[SUPPLIED ENTRIES]

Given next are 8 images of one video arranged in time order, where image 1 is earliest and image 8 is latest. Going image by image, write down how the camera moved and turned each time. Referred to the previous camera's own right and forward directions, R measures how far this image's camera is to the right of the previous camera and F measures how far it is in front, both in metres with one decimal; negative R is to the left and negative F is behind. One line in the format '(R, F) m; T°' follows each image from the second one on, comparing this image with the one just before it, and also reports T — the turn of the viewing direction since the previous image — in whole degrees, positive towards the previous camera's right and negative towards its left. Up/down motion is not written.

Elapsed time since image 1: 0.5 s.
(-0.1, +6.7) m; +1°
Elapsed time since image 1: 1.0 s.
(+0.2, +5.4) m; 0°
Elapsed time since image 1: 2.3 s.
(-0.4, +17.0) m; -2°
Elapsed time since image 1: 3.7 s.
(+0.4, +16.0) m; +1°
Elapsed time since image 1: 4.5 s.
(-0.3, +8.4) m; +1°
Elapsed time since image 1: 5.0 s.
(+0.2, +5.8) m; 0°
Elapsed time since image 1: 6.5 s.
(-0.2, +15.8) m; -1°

[/SUPPLIED ENTRIES]
[SUPPLIED ENTRIES]

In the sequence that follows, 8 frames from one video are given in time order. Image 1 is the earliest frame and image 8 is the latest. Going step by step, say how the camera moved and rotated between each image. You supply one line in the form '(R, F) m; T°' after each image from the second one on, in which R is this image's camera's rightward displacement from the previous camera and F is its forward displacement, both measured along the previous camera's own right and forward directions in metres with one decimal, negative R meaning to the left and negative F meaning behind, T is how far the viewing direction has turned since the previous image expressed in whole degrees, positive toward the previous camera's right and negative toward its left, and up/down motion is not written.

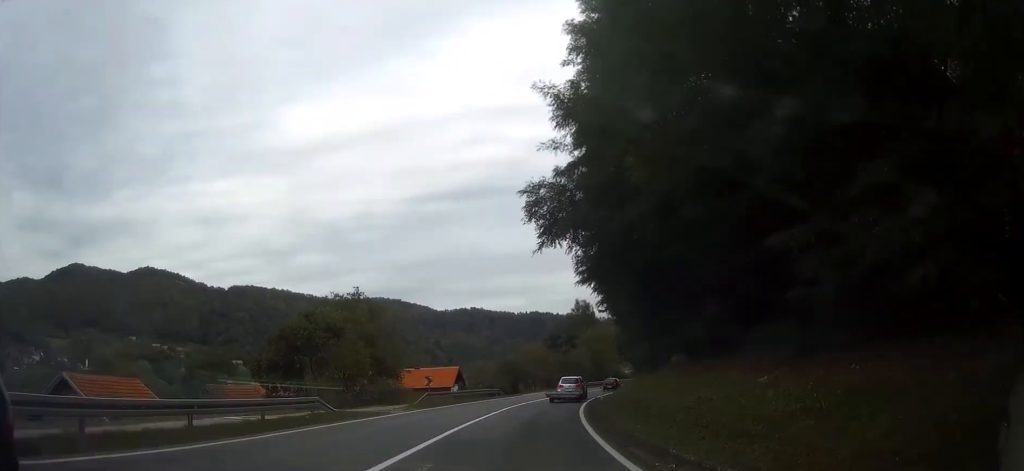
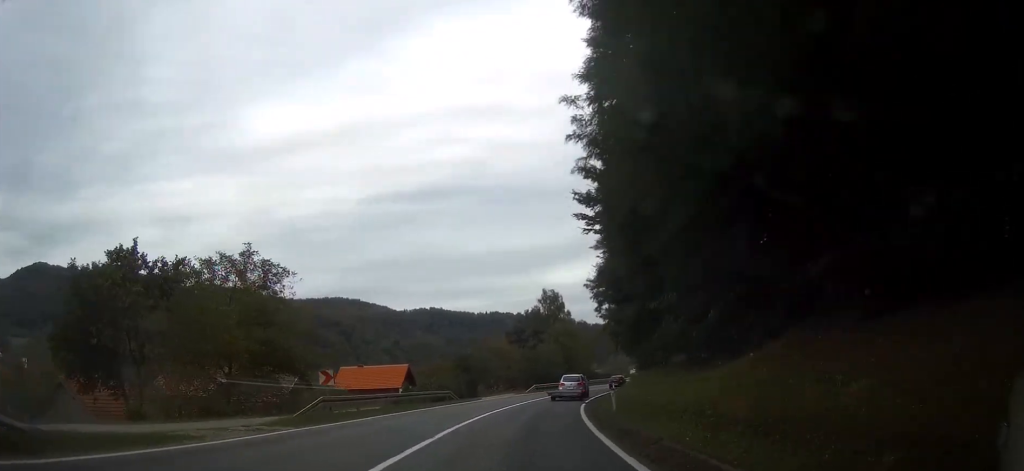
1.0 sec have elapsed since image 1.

[/SUPPLIED ENTRIES]
[SUPPLIED ENTRIES]

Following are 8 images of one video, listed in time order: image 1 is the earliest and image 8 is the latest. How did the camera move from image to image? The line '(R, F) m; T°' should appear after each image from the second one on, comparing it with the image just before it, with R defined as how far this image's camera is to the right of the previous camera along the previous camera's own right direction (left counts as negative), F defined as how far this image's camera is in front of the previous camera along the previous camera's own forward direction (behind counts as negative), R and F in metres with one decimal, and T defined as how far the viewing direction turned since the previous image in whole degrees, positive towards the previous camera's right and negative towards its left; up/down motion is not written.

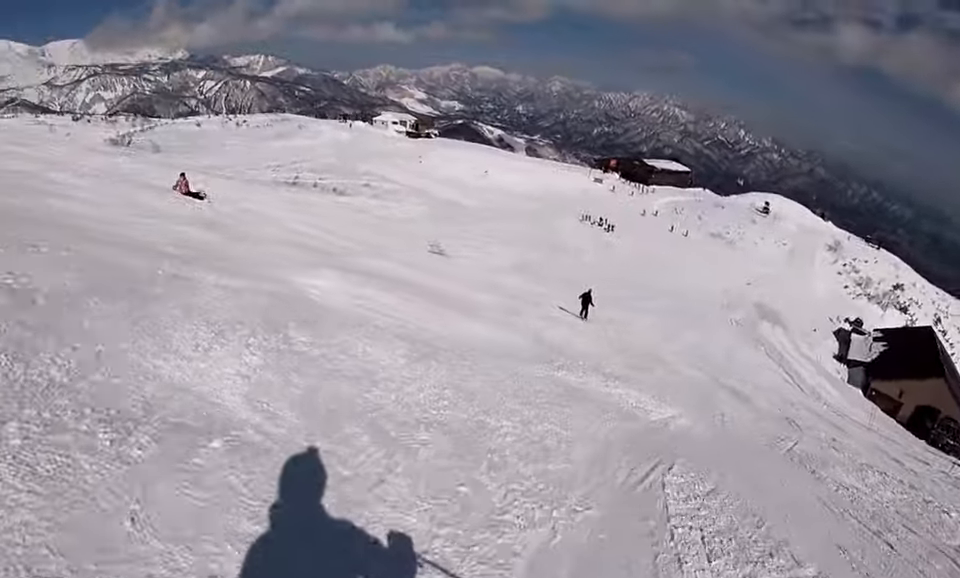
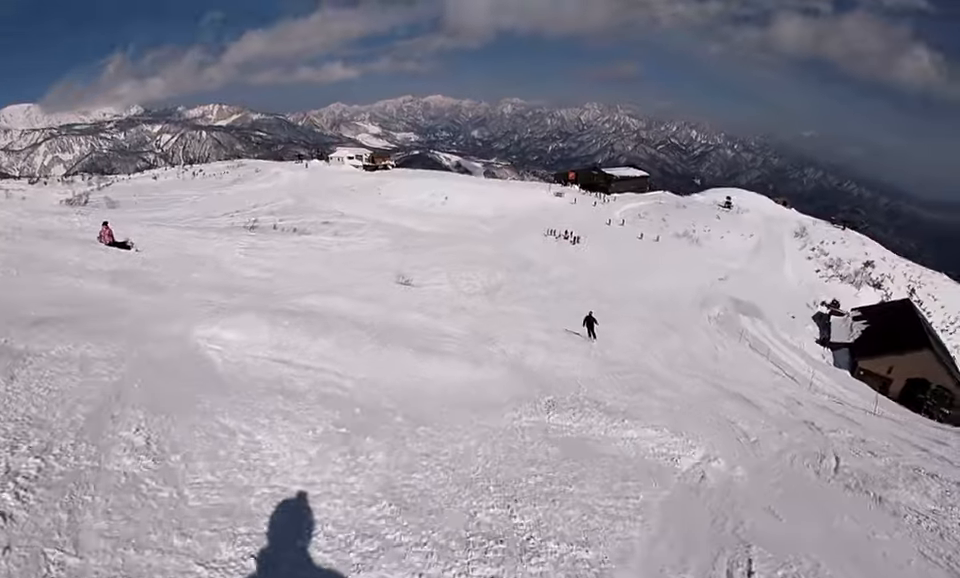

[/SUPPLIED ENTRIES]

**TASK STATEMENT**
An exact copy of the lines above from the one with "In the sequence" up to and including the one with "1.0 sec have elapsed since image 1." is required; reproduce only those lines, omitting all pictures.

**RESPONSE**
In the sequence that follows, 8 frames from one video are given in time order. Image 1 is the earliest frame and image 8 is the latest. Going step by step, say how the camera moved and rotated between each image. You supply one line in the form '(R, F) m; T°' after each image from the second one on, in which R is this image's camera's rightward displacement from the previous camera and F is its forward displacement, both measured along the previous camera's own right and forward directions in metres with one decimal, negative R meaning to the left and negative F meaning behind, T is how far the viewing direction has turned since the previous image expressed in whole degrees, positive toward the previous camera's right and negative toward its left, and up/down motion is not written.

1.0 sec have elapsed since image 1.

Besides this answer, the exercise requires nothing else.